Illusions & hallucinations
Idealism cannot explain the difference between perceptual error and veridical perception. If reality is in the mind, and illusions or hallucinations are false perceptions in the mind, how are we to tell the difference? The Idealist does not have an external real world to show that an illusion or hallucination is taking place.
The continued existence of objects
What happens to objects when no one is perceiving them? If I put an apple in a drawer does it stop existing? Does the interior of an apple not exist until it is cut or bitten in to? Why does a cat become hungry when there is a gap between it being perceived?
Regularity of the universe
If there is not a material universe independent of my existence which causes my perceptions, why does it behave in such a regular and predictable fashion? When putting an apple in a drawer we expect it to be there when we reopen it, and so it is.
The trap of...
SOLIPSISM
The belief in an external world is an irrational superstition.
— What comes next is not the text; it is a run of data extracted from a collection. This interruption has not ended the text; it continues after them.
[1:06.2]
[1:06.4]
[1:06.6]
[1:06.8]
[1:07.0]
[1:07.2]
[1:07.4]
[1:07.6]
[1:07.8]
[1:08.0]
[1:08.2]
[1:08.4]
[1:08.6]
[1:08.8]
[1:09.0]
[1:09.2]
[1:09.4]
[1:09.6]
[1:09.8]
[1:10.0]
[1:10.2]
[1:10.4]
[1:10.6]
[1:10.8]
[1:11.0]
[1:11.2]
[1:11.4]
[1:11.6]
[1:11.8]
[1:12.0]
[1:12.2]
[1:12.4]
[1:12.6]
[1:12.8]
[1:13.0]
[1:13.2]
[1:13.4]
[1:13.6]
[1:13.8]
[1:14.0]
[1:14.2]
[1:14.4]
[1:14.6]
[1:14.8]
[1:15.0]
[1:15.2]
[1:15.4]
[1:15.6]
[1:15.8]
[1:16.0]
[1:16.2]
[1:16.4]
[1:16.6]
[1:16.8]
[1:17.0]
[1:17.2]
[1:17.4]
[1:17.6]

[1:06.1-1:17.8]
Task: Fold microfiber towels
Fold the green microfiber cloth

There is no external world.
There are no other people.
There are no other experiences other than your own.
Trying to convince others of the truth of solipsism is futile as their minds do not exist
GOD
God is an omnipresent perceiver of all that exists.

1. By constantly perceiving the universe God ensures that the existence of objects is continuous.
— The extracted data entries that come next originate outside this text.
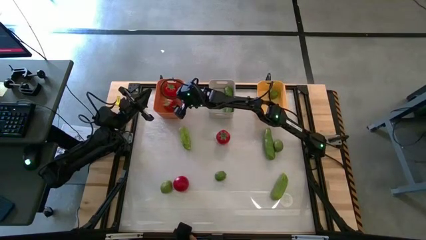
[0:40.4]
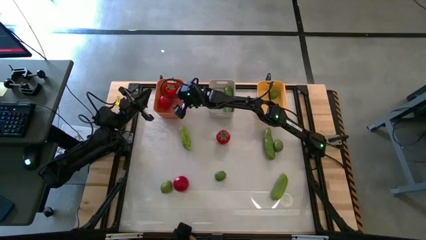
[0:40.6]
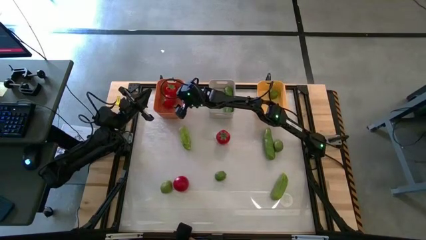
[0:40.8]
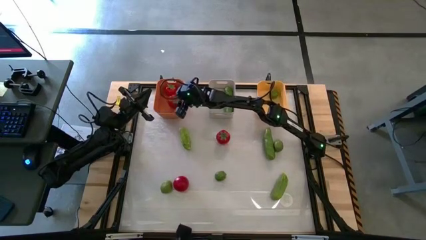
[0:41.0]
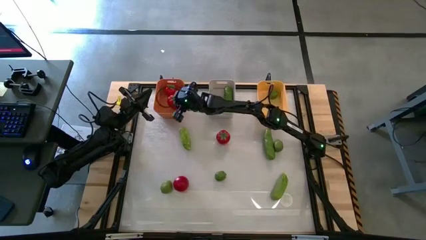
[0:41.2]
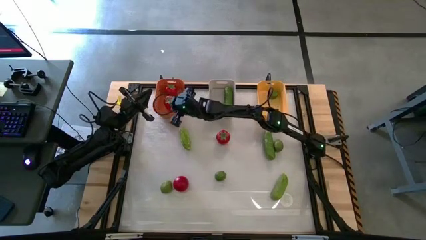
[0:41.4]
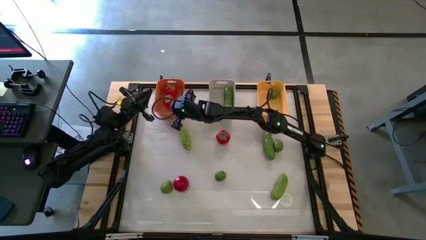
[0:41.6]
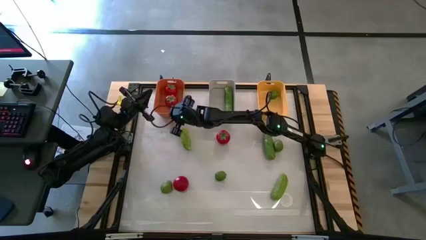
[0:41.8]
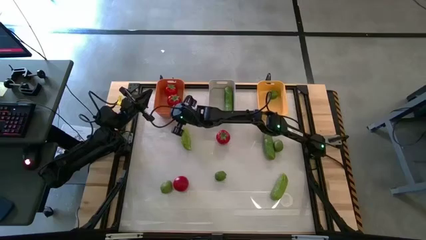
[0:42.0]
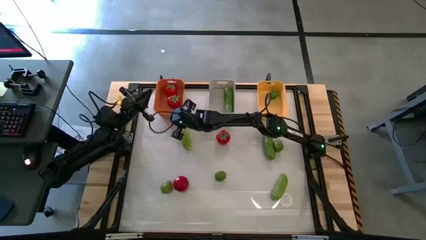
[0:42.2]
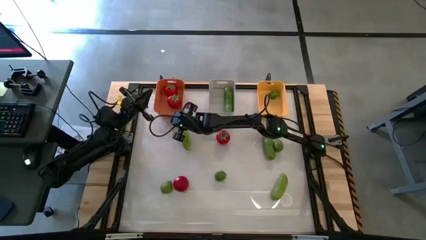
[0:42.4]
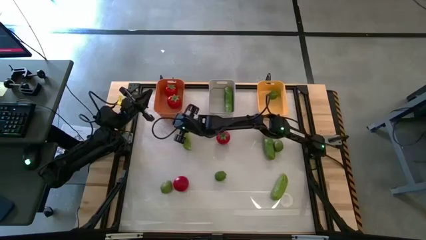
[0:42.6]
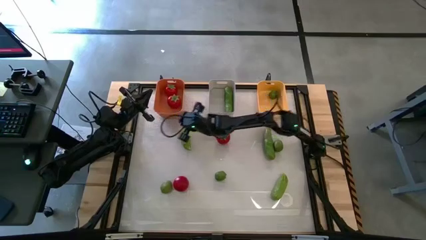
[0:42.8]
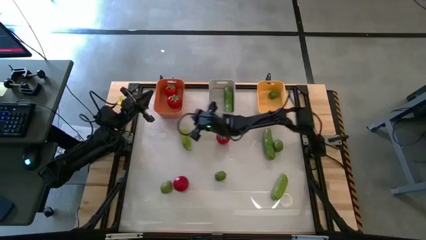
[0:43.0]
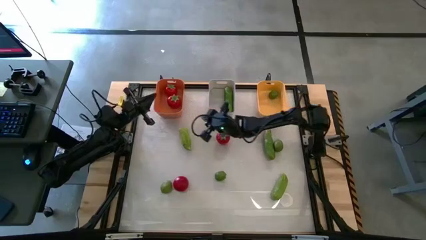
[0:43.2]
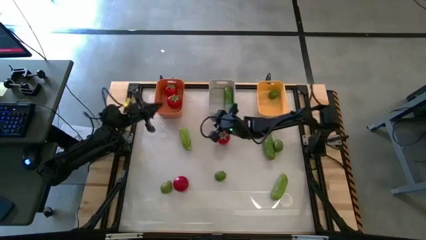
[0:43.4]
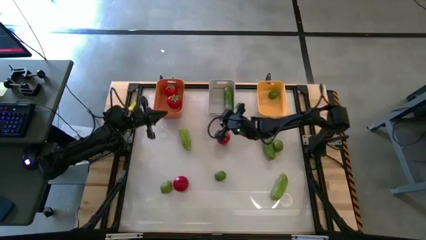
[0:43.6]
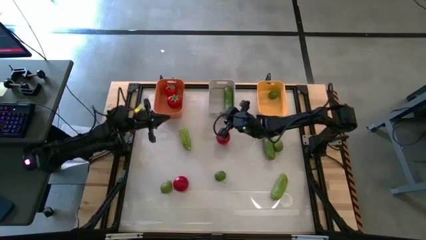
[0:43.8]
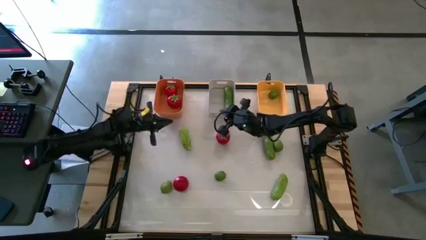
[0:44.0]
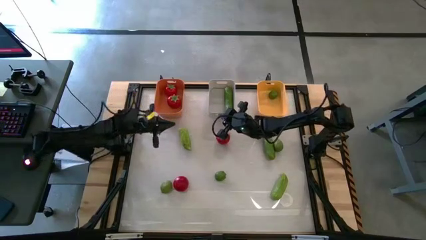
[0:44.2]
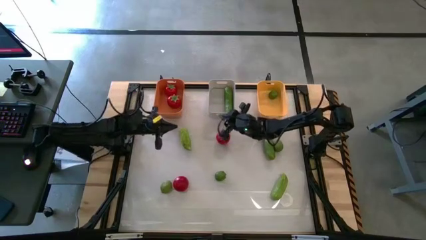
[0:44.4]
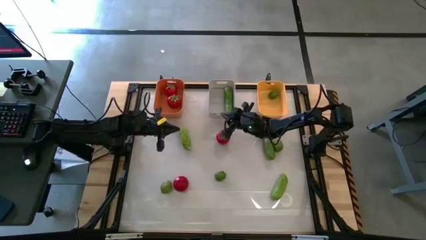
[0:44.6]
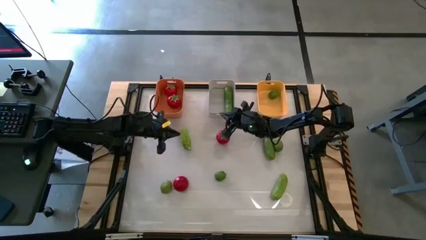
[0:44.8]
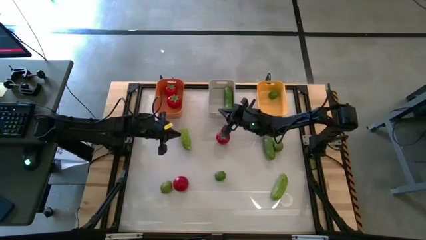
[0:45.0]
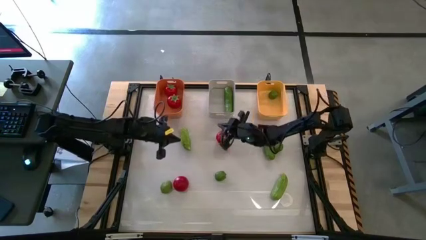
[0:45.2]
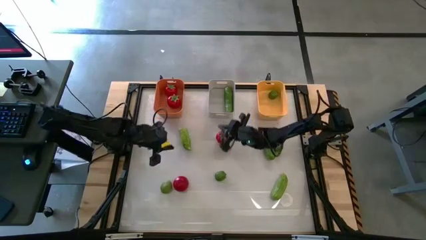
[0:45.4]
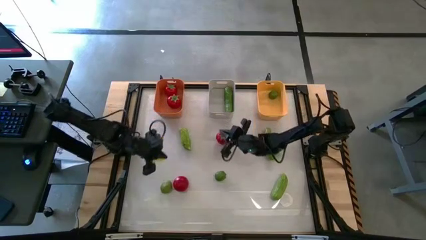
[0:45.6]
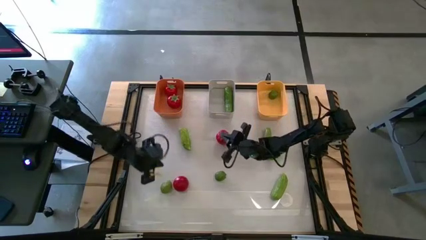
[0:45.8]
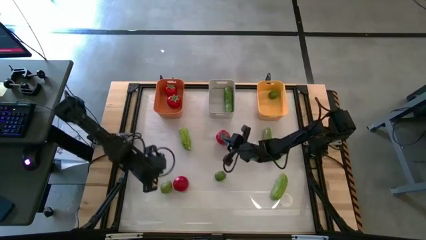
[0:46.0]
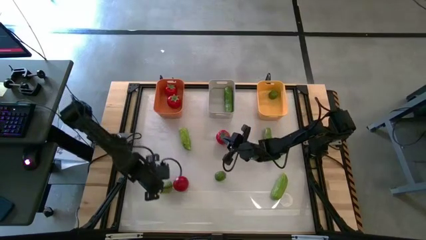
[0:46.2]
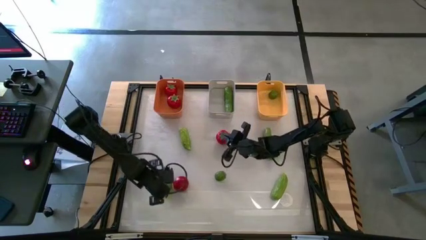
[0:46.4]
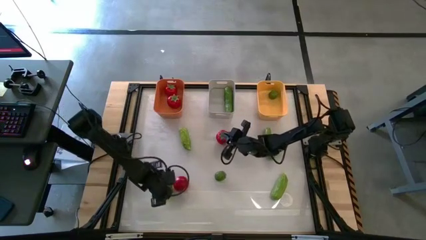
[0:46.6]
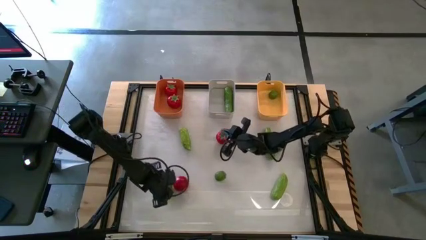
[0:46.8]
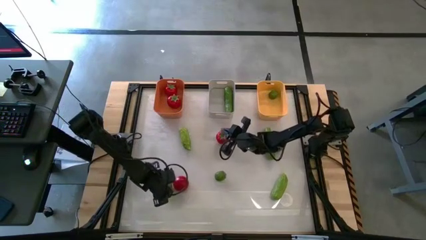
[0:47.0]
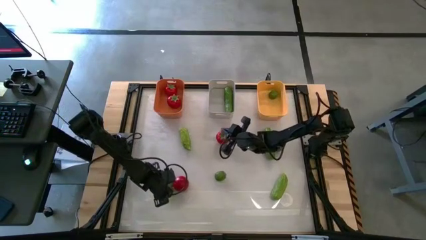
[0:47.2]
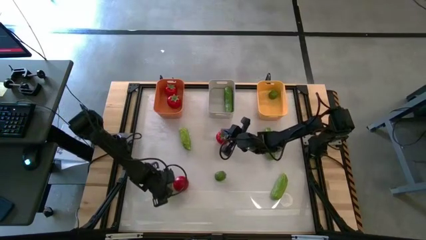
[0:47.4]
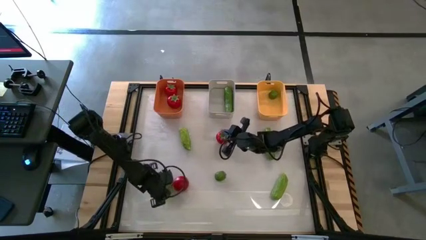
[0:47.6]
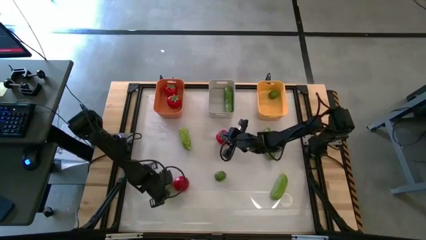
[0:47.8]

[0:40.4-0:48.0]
Task: Sort produce into baskets
Put the bottom left lime into the yellow bin

2. As a benevolent omniscient being, God's perceptions are ordered and provide regularity.

3. God is the origin and cause of our perceptions.
This is why we have no control or choice
over our perceptions.

Hylas
: Supposing you were annihilated, cannot you conceive it possible, that things perceivable by sense may still exist?

Philonous
: I can; but then it must be in another mind. When I deny sensible things an existence outside of the mind, I do not mean my mind in particular, but all minds. Now it is plain they have an existence exterior to my mind, since I find them by experience to be independent of it. There is therefore some other mind wherein they exist, during the intervals between the times of my perceiving them: as likewise they did before my birth, and would do after my supposed annihilation. And as the same is true with regard to all other finite created spirits; it necessarily follows, there is an omnipresent eternal Mind, which knows and comprehends all things, and exhibits thm to our view in such a manner, and according to such rules as he himself hath ordained, and are by us termed the Laws of Nature.
No objective space and time
As there is no physical matter we cannot share and observe the same space at the same time. If one person perceives a tree in a field in their mind, and another person perceives a tree in a field in their own mind, Idealism does not support the notion that they are observing the same tree in the same field. Realism does explain how and why we can observe the same object.
Can/should 'God' be used to play this vital role?
Some philosophers do not agree with Berkeley positing the existence of God in order to 'solve' the flaws in his Idealism.
The existence of a God is not agreed upon.
There is no independent reason to suppose that (1) God exists, or (2) plays Berkeley's role.

God is a mind. We cannot conceive of minds using our senses yet all we conceive is
through sense perception. It is, therefore, impossible to have a coherent
idea of God.
1. The existence of God, as a supreme intelligence, explains why perceived 'matter' behaves so orderly. The idea that a mindless substance 'behaves orderly' and causes our perception does not satisfactorily answer why it should do so.
2. Berkeley does not assume or create a God in order to solve problems in his theory. The existence of God is an inference supported by his arguments; he wanted to demonstrate God's existence.